01 Oct Una novela que llega del frío
Por José María Brindisi
entamente, como si se hubiera abierto un viejo portón herrumbroso, la literatura de la ex Unión Soviética, y junto a ella la de los países que orbitaron en torno al poder soviético, empieza a salir y ser conocida más allá de sus fronteras. En cuentagotas, es cierto, pero aun así dando muestra de una vitalidad que sorprende por la singularidad de los materiales con que trabaja. Porque lo real es que veinte años han transcurrido apenas desde que cambió el mundo, y más allá de quiénes hayan ganado o perdido a partir de entonces, no hay duda de que sus escritores seguirán dialogando con los fantasmas del pasado reciente durante muchísimo tiempo más.
Con todo, lo que llama la atención al respecto no es tanto el qué, sino el cómo. Así como Viktor Pelevin utilizaba un patrón orwelliano para releer a cierta distancia lo absurdo de la realidad que lo rodeaba, o más recientemente novelas como las del húngaro György Dragoman ( El rey blanco ) nos han permitido acercarnos a ese universo a través de una suerte de minimalismo incómodo, entre ingenuo y feroz, la obra del ruso Vladimir Sorokin (Bykovo, 1955)se ha impuesto en los últimos tiempos por el desparpajo y la originalidad con que revisa, o habría que decir atraviesa, la historia de su país.
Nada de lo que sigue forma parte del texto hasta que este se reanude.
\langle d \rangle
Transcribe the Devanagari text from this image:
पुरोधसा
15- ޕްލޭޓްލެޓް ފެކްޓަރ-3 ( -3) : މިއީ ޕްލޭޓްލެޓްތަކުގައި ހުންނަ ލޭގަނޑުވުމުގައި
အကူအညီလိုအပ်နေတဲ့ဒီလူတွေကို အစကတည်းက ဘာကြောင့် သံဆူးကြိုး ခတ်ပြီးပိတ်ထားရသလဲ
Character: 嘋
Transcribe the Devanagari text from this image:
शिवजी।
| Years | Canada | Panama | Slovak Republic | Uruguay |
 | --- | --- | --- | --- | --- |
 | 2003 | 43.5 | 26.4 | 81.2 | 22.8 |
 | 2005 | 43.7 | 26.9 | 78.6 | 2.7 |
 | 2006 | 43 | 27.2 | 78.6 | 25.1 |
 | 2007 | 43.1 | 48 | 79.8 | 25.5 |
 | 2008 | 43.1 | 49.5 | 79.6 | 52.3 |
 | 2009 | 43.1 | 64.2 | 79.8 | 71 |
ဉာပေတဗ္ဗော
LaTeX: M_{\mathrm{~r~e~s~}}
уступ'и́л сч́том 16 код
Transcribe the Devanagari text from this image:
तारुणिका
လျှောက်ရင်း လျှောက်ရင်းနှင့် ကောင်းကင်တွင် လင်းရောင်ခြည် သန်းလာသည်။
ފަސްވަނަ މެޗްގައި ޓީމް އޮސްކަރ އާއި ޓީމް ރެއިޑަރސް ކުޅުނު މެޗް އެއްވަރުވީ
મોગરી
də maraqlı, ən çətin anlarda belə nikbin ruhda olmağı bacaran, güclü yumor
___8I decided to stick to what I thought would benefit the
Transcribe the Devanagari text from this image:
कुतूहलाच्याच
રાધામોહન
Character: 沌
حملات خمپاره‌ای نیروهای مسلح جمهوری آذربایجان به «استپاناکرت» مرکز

Sorokin no la tuvo demasiado fácil en su Rusia natal, a tal punto que algunos de sus primeros libros terminaron editándose en el extranjero. Rápidos de reflejos, sin embargo, no dejaron pasar demasiado para invertir por completo el concepto que tenían de él y empezaron a cubrirlo de premios. El hielo , publicada originalmente en 2002 (aunque recién ahora aparece en algo similar a nuestra lengua; la traducción, de tan castiza, es poco menos que surrealista), fue una de las novelas que promovieron el escándalo en torno de su figura, y el mote, entre otras cosas, de pornógrafo. Pero más allá de su conflictiva relación con los burócratas nostálgicos, hay que apresurarse a decir que se trata de un texto que se entrevera con muchísima inteligencia en los vericuetos de una historia que pareciera clausurada, y que con frecuencia desmiente esa creencia.
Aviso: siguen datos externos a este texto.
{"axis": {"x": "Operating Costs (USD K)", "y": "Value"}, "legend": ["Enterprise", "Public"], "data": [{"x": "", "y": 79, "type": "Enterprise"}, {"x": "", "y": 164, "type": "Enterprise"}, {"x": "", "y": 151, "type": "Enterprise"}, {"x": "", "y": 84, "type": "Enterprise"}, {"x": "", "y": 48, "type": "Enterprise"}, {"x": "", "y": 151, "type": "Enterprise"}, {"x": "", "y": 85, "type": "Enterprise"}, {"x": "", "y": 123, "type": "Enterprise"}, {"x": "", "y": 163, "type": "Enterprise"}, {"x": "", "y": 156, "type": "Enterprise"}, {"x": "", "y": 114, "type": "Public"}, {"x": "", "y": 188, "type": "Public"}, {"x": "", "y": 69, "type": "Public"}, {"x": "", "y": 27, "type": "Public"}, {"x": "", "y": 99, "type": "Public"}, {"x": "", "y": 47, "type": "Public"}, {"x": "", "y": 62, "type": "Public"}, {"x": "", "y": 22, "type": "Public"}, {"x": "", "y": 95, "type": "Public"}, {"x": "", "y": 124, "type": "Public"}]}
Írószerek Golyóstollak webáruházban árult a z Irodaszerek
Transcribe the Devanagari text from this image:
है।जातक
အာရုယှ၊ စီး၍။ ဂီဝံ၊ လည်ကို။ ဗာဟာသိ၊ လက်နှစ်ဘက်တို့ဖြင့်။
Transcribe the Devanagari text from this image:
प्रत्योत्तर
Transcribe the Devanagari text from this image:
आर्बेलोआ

La novela comienza con una serie de secuestros, que en verdad se transforman pronto en algo bien distinto. Las víctimas son atadas, sus prendas superiores les son extraídas o despedazadas, y al fin alguno de los secuestradores toma un martillo de hielo y empieza a darles rabiosos golpes en medio del pecho. ¿Qué buscan? Que sus corazones hablen. Y de vez en cuando lo logran, dejando escapar un quejido de una o dos sílabas que resulta, al fin y al cabo, su nuevo nombre, el de su liberación. Luego de que sus corazones comienzan a hablar, las víctimas pasan por distintas etapas hasta que, finalmente, se entregan. Quienes los reciben con los brazos abiertos son los miembros de una hermandad secreta: todos ellos rubios y de ojos azules, necesitan hallar o rescatar hasta al último de sus veintitrés mil miembros para entonces emprender una suerte de “viaje hacia la luz”.
Particularmente interesante se vuelve el segundo tramo de la novela, cuando del Moscú actual retrocedemos primero a los tiempos del nazismo (y el estalinismo, claro), y luego más atrás, a un episodio medular de la trama: la caída de un enorme meteorito, en Siberia, en 1908. Ese viaje al pasado resignificará buena parte de lo que hasta ahora sabíamos, en particular por el modo en que se precipita hasta nuestros días. Ese recorrido encierra, en un sentido político, mucho de lo más notable del trabajo de Sorokin; cuando parece que se hace el distraído, que está hablando de otra cosa, la historia irrumpe con inesperada violencia (y gracia). Un ejemplo entre muchos: “Comenzó la alegre y temible época de Yeltsin. Llegó la época dorada de la hermandad. Conquistamos todo aquello con lo que habíamos soñado: nos instalamos de modo sólido en el poder, creamos potentes estructuras financieras, fundamos una red de empresas de capital mixto. Pero el éxito principal fue volver a infiltrarse en las estructuras principales del poder”. ¿A alguien le suena? ¿Es preciso que la fábula venga acompañada de su moraleja?
Ajena al cinismo tan festejado de Michel Houellebecq, con el que tratan de emparentarlo, la de Sorokin es una perspectiva mucho más humana. La de alguien que se aproxima a sus personajes no para reírse de ellos ni para despreciarlos -a la manera del francés-, sino para acompañarlos de la mano en sus limitaciones, su tragedia o su demencia.